- _Task item_: An exact reproduction of the records is required, with all pictures omitted.

- _Supplied material_:
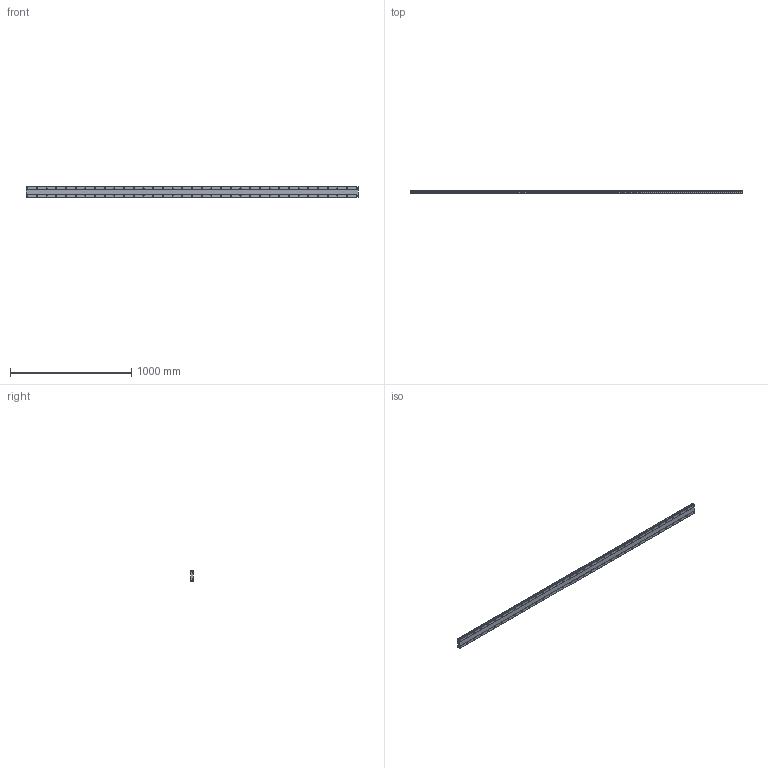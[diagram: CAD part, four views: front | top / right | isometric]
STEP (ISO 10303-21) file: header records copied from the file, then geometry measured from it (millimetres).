
FILE_DESCRIPTION (( 'STEP AP214' ), '1' );
FILE_NAME ('HRW50CA1SS-2740L_G10_0_B-PT18_1299-75_0_0_0_1.STEP', '2021-07-07T13:42:05', ( '' ), ( '' ), 'SwSTEP 2.0', 'SolidWorks 2021', '' );
FILE_SCHEMA (( 'AUTOMOTIVE_DESIGN' ));
Length unit declared in the file: millimetre
Products named in the file (2): HRW50CA1SS-2740L_G10_0_B-PT18_1299-75_0_0_0_1; _HRW50CA274010 Track
Assembly tree (1 placements, depth 2):
  HRW50CA1SS-2740L_G10_0_B-PT18_1299-75_0_0_0_1
    _HRW50CA274010 Track
Bounding box: 2740 x 24 x 90 mm (x, y, z)
Volume: 5188765.6 mm3; surface area: 702685.5 mm2
Topology: 1 solids, 1 shells, 384 faces, 936 edges, 624 vertices
Faces by surface type: cylinder 284, plane 100
Entity records: 11934 total; most frequent: DIRECTION 2280, CARTESIAN_POINT 1948, ORIENTED_EDGE 1872, AXIS2_PLACEMENT_3D 956, EDGE_CURVE 936, VERTEX_POINT 624, EDGE_LOOP 594, CIRCLE 568

- _Solved problem_:
[diagram: CAD part, four views: front | top / right | isometric]
STEP (ISO 10303-21) file: header records copied from the file, then geometry measured from it (millimetres).
FILE_DESCRIPTION (( 'STEP AP214' ), '1' );
FILE_NAME ('HRW50CA1SS-2740L_G10_0_B-PT18_1299-75_0_0_0_1.STEP', '2021-07-07T13:42:05', ( '' ), ( '' ), 'SwSTEP 2.0', 'SolidWorks 2021', '' );
FILE_SCHEMA (( 'AUTOMOTIVE_DESIGN' ));
Length unit declared in the file: millimetre
Products named in the file (2): HRW50CA1SS-2740L_G10_0_B-PT18_1299-75_0_0_0_1; _HRW50CA274010 Track
Assembly tree (1 placements, depth 2):
  HRW50CA1SS-2740L_G10_0_B-PT18_1299-75_0_0_0_1
    _HRW50CA274010 Track
Bounding box: 2740 x 24 x 90 mm (x, y, z)
Volume: 5188765.6 mm3; surface area: 702685.5 mm2
Topology: 1 solids, 1 shells, 384 faces, 936 edges, 624 vertices
Faces by surface type: cylinder 284, plane 100
Entity records: 11934 total; most frequent: DIRECTION 2280, CARTESIAN_POINT 1948, ORIENTED_EDGE 1872, AXIS2_PLACEMENT_3D 956, EDGE_CURVE 936, VERTEX_POINT 624, EDGE_LOOP 594, CIRCLE 568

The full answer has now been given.